Hope I didn't miss out anyone.

Monday, July 13, 2009

Thanks.

Just went out with alab and yifeng to katong to sing song =D

Had a great time, pity didn't sing enough. Had to leave early coz i'm bookin' in back to camp later (in fact, soon, like right after I post this).

Thanks guys.

JC days may have been the worst of my life (apart from my life now), but thanks to you guys for always being there.

Thanks for celebrating my birthday =D

Love.

Sunday, July 12, 2009

安安。

忙忙忙忙!

人的一輩子都在忙。
忙著工作、忙著上課、忙著預備考試、忙著應酬、忙著談戀愛、忙著做自己愛做的事..

老了,該退休的時候,想著:我們終于可以放慢腳步,可以對昔日忙碌的,充滿壓力的生活告別。
但卻在這個時候老人卻發現,他雖然在人生的過程當中,雖纍計許許多多的歷練,換來的卻是一生對繁忙世界的俘虜。

身上富有了,卻在這個時候發現:銀行戶頭裏的錢是無法帶入棺材的。
他捫心自問,他空虛嗎?

親朋好友的悲歡離合是無法避免的,面對事實吧。

我只希望能與你們度過我所擁有的每一分,每一刻。
就算不能見面,不能一起吃頓飯,不能一起看電影,不能一起玩耍,
請記得我是很想念你們的。

感恩。

sister.

The first time I saw her, I didn't think much of her honestly
I was into love, so I didn't take anyone seriously
Un-inter-rested in friendships, I took her casually
'Cause none of these people played a part in my life, usually
A friend for a month or a year, but they still don't know me
That's how I viewed most of my friends or that's what they called me
Didn't give a shit what impression I gave them of me
It's hard to swallow I know, like how you drink soured coffee
So when I broke up, I never thought I'd become sociable
Forsaken like the cornerstone, I started to doubt fables
'Cause I figured there were no 'happily ever after'
Afterall, all these while I was livin' in my own corner
And as days slowly turned into months and months turned into a ye-ar (yare)
The sorrow was too much to bear, 'cause I had noone to care
All that people got from me was cold shoulders and a mean stare
I was turnin' into a monster, my mind became temper-flared..

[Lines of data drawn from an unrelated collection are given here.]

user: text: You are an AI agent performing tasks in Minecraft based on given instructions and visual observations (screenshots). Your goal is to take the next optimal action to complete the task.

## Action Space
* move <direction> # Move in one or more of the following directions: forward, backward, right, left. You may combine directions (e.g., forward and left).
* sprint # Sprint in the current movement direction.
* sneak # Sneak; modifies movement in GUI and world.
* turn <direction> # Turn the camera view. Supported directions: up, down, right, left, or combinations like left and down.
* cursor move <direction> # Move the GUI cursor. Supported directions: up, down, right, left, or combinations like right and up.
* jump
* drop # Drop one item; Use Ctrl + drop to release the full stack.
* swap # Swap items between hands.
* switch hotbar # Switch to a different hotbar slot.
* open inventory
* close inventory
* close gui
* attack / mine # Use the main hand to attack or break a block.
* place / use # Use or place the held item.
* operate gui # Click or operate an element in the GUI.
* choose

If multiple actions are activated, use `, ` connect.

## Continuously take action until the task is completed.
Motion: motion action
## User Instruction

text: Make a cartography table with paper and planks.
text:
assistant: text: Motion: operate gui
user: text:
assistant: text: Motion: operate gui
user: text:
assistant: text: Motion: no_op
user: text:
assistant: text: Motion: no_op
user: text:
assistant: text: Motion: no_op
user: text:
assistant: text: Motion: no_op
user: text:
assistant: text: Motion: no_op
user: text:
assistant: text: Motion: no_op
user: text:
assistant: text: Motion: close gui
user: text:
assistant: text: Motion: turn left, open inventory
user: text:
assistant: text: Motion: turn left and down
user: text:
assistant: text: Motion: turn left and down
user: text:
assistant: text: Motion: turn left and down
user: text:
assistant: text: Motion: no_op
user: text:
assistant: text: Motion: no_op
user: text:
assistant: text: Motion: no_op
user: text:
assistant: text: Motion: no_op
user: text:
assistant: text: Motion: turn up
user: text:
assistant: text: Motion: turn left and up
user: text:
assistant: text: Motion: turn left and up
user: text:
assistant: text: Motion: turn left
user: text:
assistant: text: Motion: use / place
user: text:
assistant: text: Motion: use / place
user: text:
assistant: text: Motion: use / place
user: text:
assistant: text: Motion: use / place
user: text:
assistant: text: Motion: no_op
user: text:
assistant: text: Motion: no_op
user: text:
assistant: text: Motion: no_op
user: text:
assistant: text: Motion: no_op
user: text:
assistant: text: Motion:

Doubtin' people, but this desire burnin' for someone to trust
Still remained contrast, I was dyin, turnin' me into dust
Time came by and passed, I was hiddin' in my buffer-zoned shell
Prisoner of the heart, locked up in my suffer-zone; cell
I was seepin' thru the creaks of the fiery depths of hell
But she pulled me straight back up before I tripped and almost fell
She caught me by surprise I admit, didn't think she'd fit
As an angel, 'coz angels don't appear wingless and with feet
Wanted to thank her in person, but time prohibited it
After she saved me, she had her ideas, she decided to quit
Life on this barren island, wealthy but was always empty
I respected her choice, though I wanted her with me
I lowered my voice, and requested to at least know her name
And thanked her for makin' my life never the same again
I wanted to hug her tight, and tell her how much I loved her
But I was rooted to my boots... "I love you my sister"

Wednesday, July 08, 2009

ha.

What am I supposed to do?

What am I supposed to say?

What am I supposed to.. feel?

I feel so helpless.. That I can't stop things from happening. And neither can I make things happen.

16 months.

Love.

Lapse.

I guess enough time's just aint passed yet.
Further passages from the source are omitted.